(Records from a data source)
■ ■ ■ ■ ■ ■ ■

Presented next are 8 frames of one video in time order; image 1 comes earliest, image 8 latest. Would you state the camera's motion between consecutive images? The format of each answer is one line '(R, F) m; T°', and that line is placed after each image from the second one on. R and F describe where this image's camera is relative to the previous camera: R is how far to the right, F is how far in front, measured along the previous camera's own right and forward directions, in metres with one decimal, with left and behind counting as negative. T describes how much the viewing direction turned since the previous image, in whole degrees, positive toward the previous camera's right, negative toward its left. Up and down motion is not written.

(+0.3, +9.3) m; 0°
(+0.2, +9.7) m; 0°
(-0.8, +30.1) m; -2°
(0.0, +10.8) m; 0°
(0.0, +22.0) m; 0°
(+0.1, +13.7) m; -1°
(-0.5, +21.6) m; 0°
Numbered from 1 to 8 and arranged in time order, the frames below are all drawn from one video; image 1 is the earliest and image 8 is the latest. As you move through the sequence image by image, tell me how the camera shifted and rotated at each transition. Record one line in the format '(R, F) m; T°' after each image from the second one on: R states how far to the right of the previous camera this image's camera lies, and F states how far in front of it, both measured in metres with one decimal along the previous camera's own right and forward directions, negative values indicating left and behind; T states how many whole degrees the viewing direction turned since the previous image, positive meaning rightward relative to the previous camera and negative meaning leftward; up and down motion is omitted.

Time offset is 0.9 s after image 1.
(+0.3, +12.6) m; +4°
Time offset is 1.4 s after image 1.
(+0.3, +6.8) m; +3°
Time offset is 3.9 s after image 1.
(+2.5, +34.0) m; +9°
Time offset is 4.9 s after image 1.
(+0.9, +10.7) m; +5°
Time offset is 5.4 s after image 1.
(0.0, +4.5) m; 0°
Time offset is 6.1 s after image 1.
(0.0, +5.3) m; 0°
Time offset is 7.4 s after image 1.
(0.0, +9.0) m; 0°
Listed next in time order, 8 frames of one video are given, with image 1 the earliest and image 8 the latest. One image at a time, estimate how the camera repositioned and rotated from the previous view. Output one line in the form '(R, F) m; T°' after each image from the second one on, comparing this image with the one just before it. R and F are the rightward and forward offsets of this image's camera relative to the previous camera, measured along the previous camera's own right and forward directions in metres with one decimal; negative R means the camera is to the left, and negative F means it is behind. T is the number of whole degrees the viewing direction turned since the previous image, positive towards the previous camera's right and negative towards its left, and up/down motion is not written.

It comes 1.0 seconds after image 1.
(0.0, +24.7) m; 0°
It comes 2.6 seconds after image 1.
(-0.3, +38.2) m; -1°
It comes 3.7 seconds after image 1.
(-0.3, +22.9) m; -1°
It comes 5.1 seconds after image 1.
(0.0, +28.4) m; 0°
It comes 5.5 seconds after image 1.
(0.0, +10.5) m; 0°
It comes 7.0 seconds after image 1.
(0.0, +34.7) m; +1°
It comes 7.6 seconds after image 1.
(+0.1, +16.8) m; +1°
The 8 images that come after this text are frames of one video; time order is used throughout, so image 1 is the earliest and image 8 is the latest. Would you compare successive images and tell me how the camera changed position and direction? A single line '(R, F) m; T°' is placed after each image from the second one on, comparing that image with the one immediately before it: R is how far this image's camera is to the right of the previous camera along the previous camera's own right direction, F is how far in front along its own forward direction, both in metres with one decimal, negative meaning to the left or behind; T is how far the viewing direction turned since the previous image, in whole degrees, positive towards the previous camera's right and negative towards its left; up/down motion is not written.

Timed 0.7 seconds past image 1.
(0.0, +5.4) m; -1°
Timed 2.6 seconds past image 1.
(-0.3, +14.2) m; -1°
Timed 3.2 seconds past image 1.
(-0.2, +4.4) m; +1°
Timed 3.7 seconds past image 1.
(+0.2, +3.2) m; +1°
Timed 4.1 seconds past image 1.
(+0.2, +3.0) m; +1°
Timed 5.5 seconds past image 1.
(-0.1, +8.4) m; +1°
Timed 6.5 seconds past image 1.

■ ■ ■ ■ ■ ■ ■

● **ACTIVITY**
Write every entry out again, exactly as it stands.

● **WRITTEN REPLY**
Presented next are 8 frames of one video in time order; image 1 comes earliest, image 8 latest. Would you state the camera's motion between consecutive images? The format of each answer is one line '(R, F) m; T°', and that line is placed after each image from the second one on. R and F describe where this image's camera is relative to the previous camera: R is how far to the right, F is how far in front, measured along the previous camera's own right and forward directions, in metres with one decimal, with left and behind counting as negative. T describes how much the viewing direction turned since the previous image, in whole degrees, positive toward the previous camera's right, negative toward its left. Up and down motion is not written.

(+0.3, +9.3) m; 0°
(+0.2, +9.7) m; 0°
(-0.8, +30.1) m; -2°
(0.0, +10.8) m; 0°
(0.0, +22.0) m; 0°
(+0.1, +13.7) m; -1°
(-0.5, +21.6) m; 0°
Numbered from 1 to 8 and arranged in time order, the frames below are all drawn from one video; image 1 is the earliest and image 8 is the latest. As you move through the sequence image by image, tell me how the camera shifted and rotated at each transition. Record one line in the format '(R, F) m; T°' after each image from the second one on: R states how far to the right of the previous camera this image's camera lies, and F states how far in front of it, both measured in metres with one decimal along the previous camera's own right and forward directions, negative values indicating left and behind; T states how many whole degrees the viewing direction turned since the previous image, positive meaning rightward relative to the previous camera and negative meaning leftward; up and down motion is omitted.

Time offset is 0.9 s after image 1.
(+0.3, +12.6) m; +4°
Time offset is 1.4 s after image 1.
(+0.3, +6.8) m; +3°
Time offset is 3.9 s after image 1.
(+2.5, +34.0) m; +9°
Time offset is 4.9 s after image 1.
(+0.9, +10.7) m; +5°
Time offset is 5.4 s after image 1.
(0.0, +4.5) m; 0°
Time offset is 6.1 s after image 1.
(0.0, +5.3) m; 0°
Time offset is 7.4 s after image 1.
(0.0, +9.0) m; 0°
Listed next in time order, 8 frames of one video are given, with image 1 the earliest and image 8 the latest. One image at a time, estimate how the camera repositioned and rotated from the previous view. Output one line in the form '(R, F) m; T°' after each image from the second one on, comparing this image with the one just before it. R and F are the rightward and forward offsets of this image's camera relative to the previous camera, measured along the previous camera's own right and forward directions in metres with one decimal; negative R means the camera is to the left, and negative F means it is behind. T is the number of whole degrees the viewing direction turned since the previous image, positive towards the previous camera's right and negative towards its left, and up/down motion is not written.

It comes 1.0 seconds after image 1.
(0.0, +24.7) m; 0°
It comes 2.6 seconds after image 1.
(-0.3, +38.2) m; -1°
It comes 3.7 seconds after image 1.
(-0.3, +22.9) m; -1°
It comes 5.1 seconds after image 1.
(0.0, +28.4) m; 0°
It comes 5.5 seconds after image 1.
(0.0, +10.5) m; 0°
It comes 7.0 seconds after image 1.
(0.0, +34.7) m; +1°
It comes 7.6 seconds after image 1.
(+0.1, +16.8) m; +1°
The 8 images that come after this text are frames of one video; time order is used throughout, so image 1 is the earliest and image 8 is the latest. Would you compare successive images and tell me how the camera changed position and direction? A single line '(R, F) m; T°' is placed after each image from the second one on, comparing that image with the one immediately before it: R is how far this image's camera is to the right of the previous camera along the previous camera's own right direction, F is how far in front along its own forward direction, both in metres with one decimal, negative meaning to the left or behind; T is how far the viewing direction turned since the previous image, in whole degrees, positive towards the previous camera's right and negative towards its left; up/down motion is not written.

Timed 0.7 seconds past image 1.
(0.0, +5.4) m; -1°
Timed 2.6 seconds past image 1.
(-0.3, +14.2) m; -1°
Timed 3.2 seconds past image 1.
(-0.2, +4.4) m; +1°
Timed 3.7 seconds past image 1.
(+0.2, +3.2) m; +1°
Timed 4.1 seconds past image 1.
(+0.2, +3.0) m; +1°
Timed 5.5 seconds past image 1.
(-0.1, +8.4) m; +1°
Timed 6.5 seconds past image 1.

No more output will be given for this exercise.